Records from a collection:
== == ==
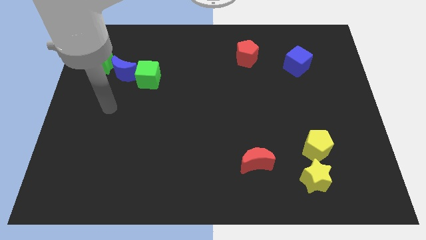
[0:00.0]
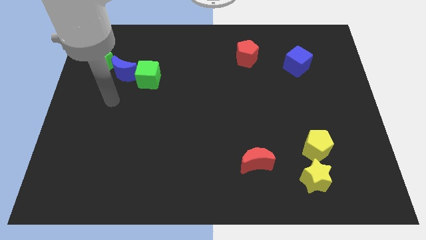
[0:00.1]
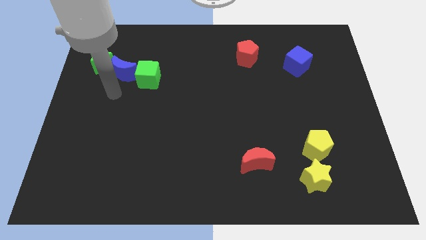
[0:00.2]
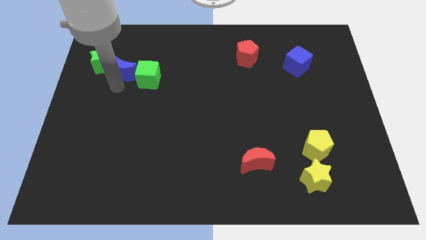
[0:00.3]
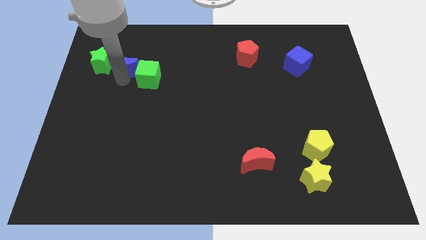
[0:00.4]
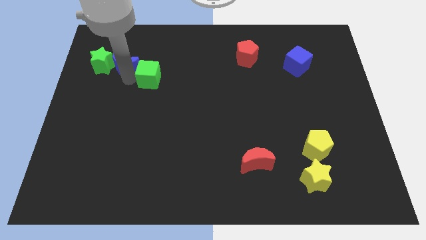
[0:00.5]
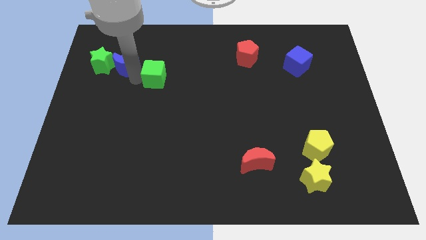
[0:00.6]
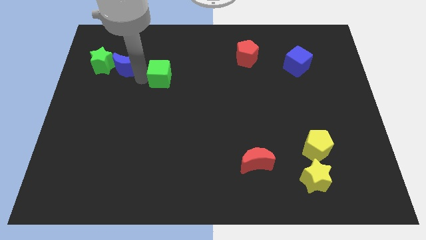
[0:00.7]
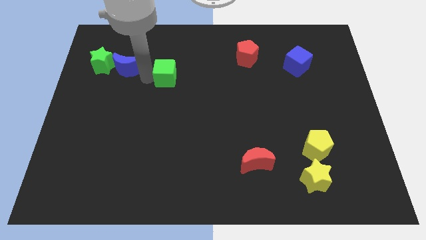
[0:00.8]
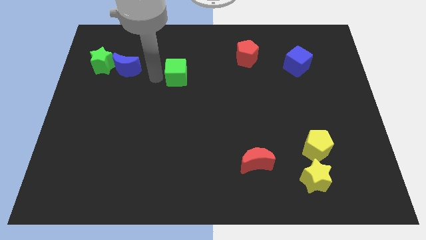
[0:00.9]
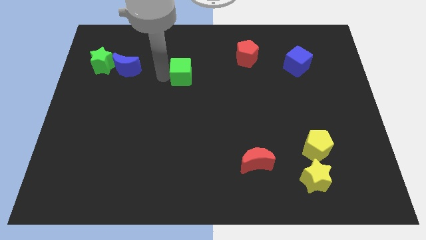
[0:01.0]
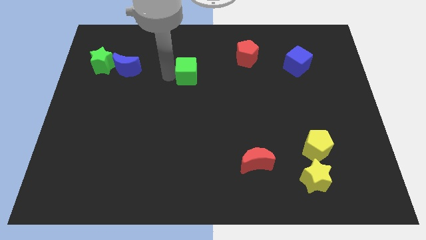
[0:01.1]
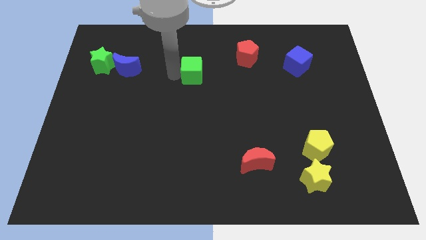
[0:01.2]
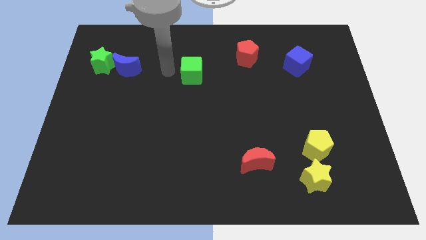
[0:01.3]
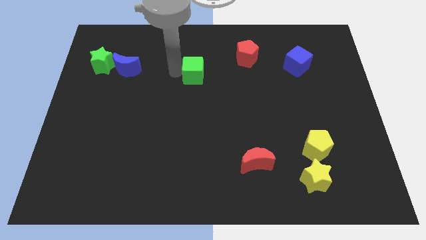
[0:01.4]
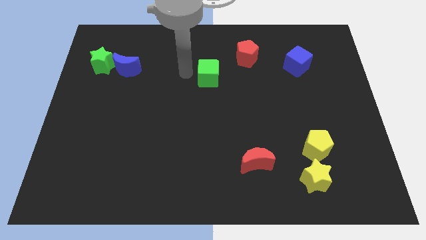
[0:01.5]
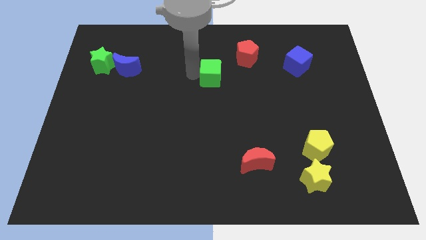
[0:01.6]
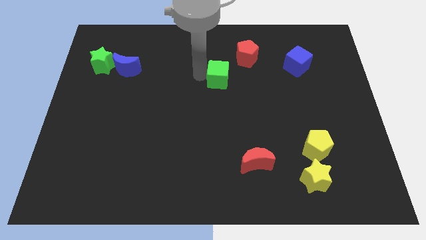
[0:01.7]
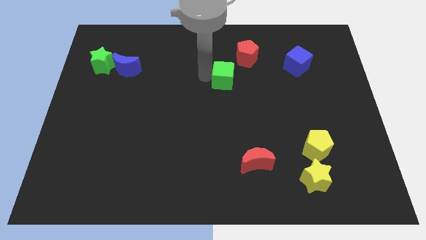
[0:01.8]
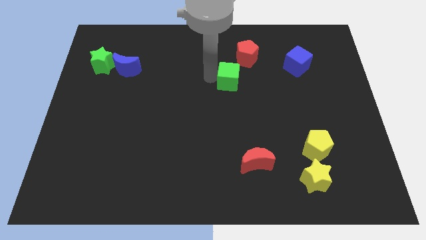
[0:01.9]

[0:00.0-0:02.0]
move the green cube to the right
== == ==
**Required action**: Excluding the pictures, output every entry above without alteration.

**Task response**:
[0:00.0]
[0:00.1]
[0:00.2]
[0:00.3]
[0:00.4]
[0:00.5]
[0:00.6]
[0:00.7]
[0:00.8]
[0:00.9]
[0:01.0]
[0:01.1]
[0:01.2]
[0:01.3]
[0:01.4]
[0:01.5]
[0:01.6]
[0:01.7]
[0:01.8]
[0:01.9]

[0:00.0-0:02.0]
move the green cube to the right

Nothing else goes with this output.